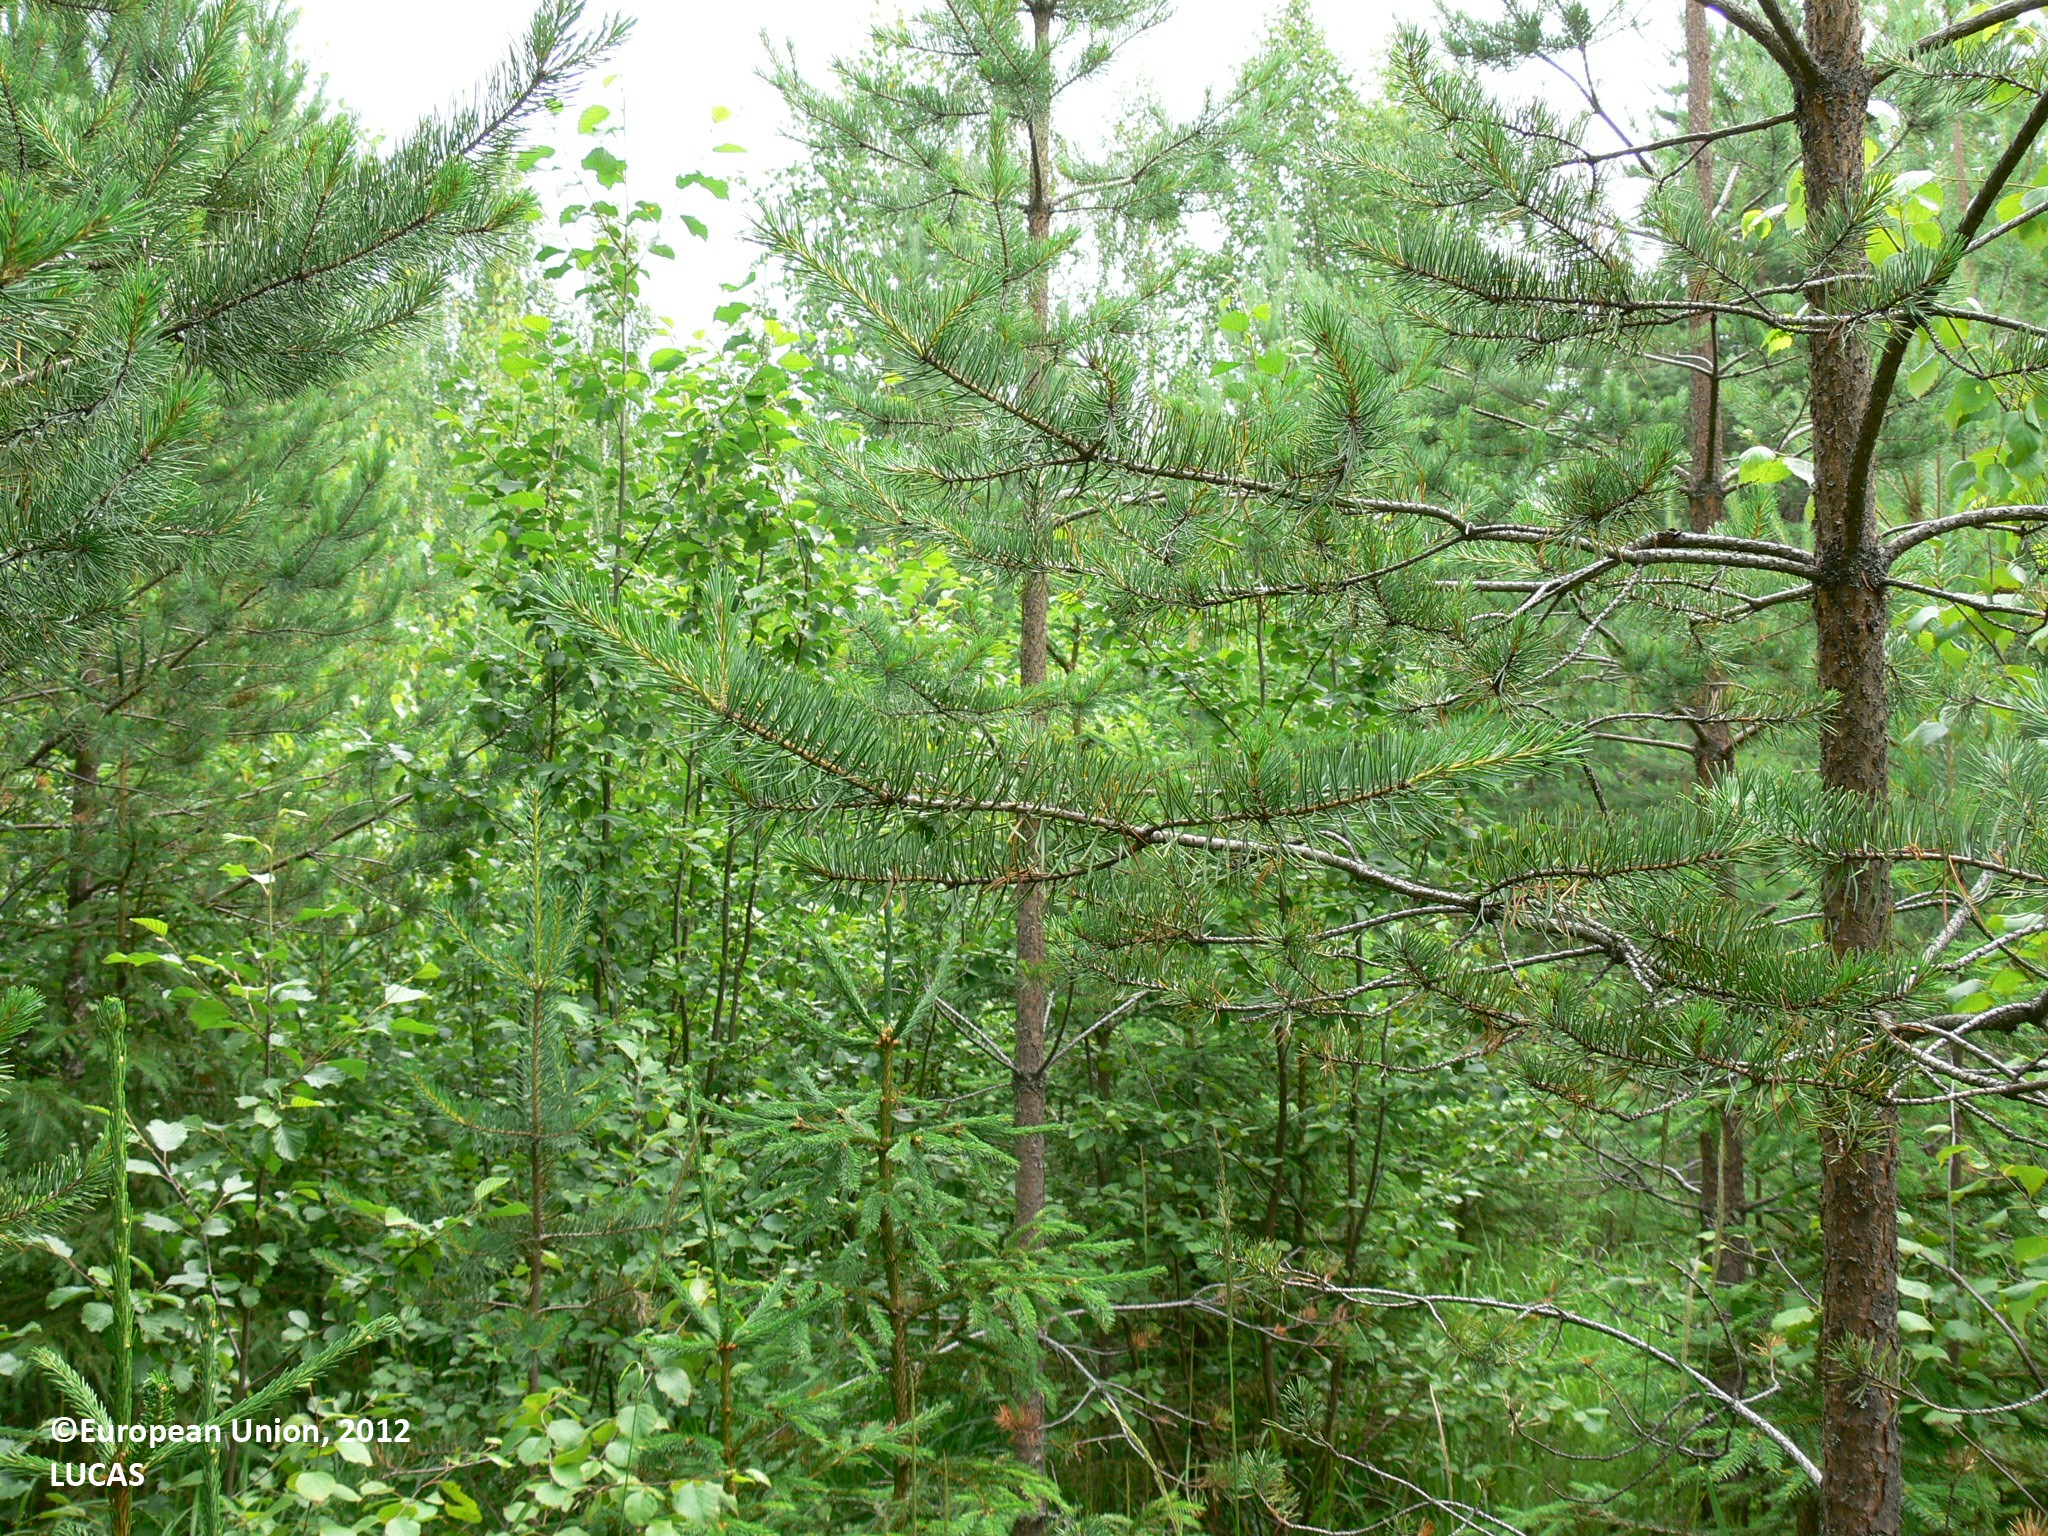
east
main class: Woodland
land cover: Pine dominated mixed woodland
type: boreal forest
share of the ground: > 75 %
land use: Forestry
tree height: > 5 m
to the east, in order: Pine dominated mixed woodland; Grass margins; Ditches and canals; Shruby margins; Paved roads, cycling and walking lanes; Grass margins; Paved roads, cycling and walking lanes; Grass margins; Other mixed woodland; Pine dominated coniferous woodland; Other mixed woodland
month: July
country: FI
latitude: 63.0011
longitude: 29.4837
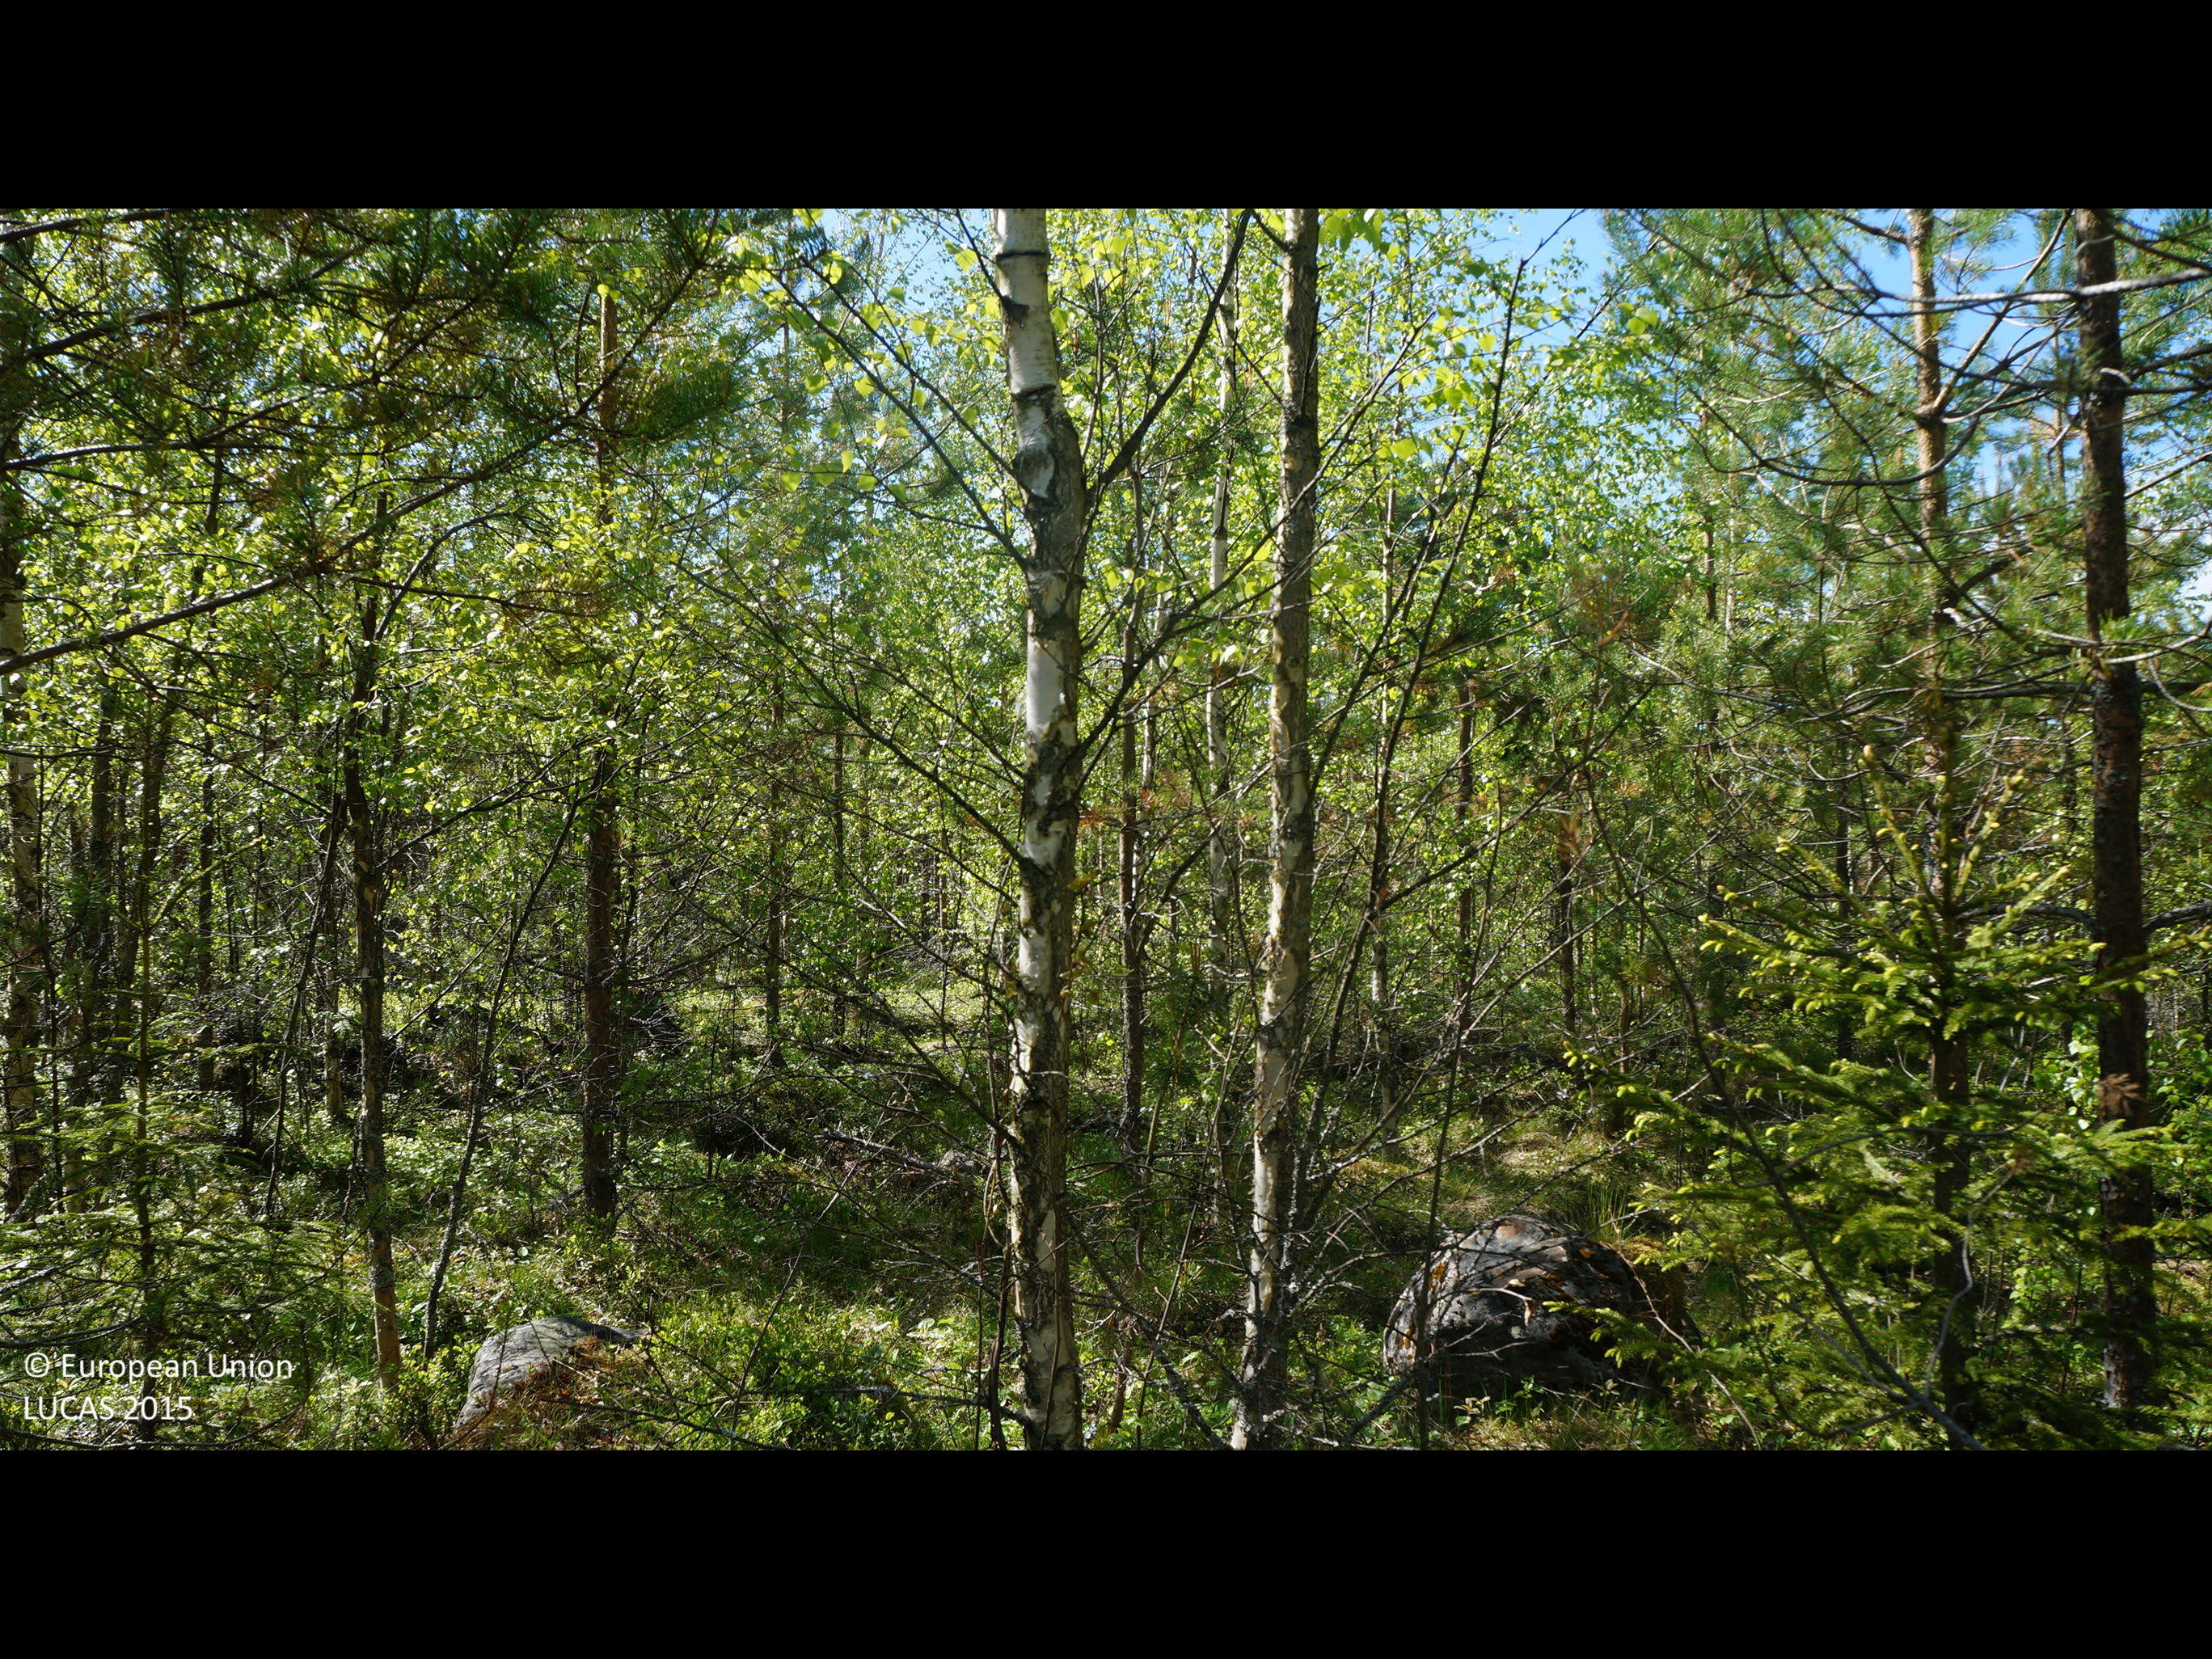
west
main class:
• • •
_YOUR ASSIGNMENT_.
Print the full listing again exactly, and drop every image from it.

_SOLUTION BELOW_.
east
main class: Woodland
land cover: Pine dominated mixed woodland
type: boreal forest
share of the ground: > 75 %
land use: Forestry
tree height: > 5 m
to the east, in order: Pine dominated mixed woodland; Grass margins; Ditches and canals; Shruby margins; Paved roads, cycling and walking lanes; Grass margins; Paved roads, cycling and walking lanes; Grass margins; Other mixed woodland; Pine dominated coniferous woodland; Other mixed woodland
month: July
country: FI
latitude: 63.0011
longitude: 29.4837
west
main class:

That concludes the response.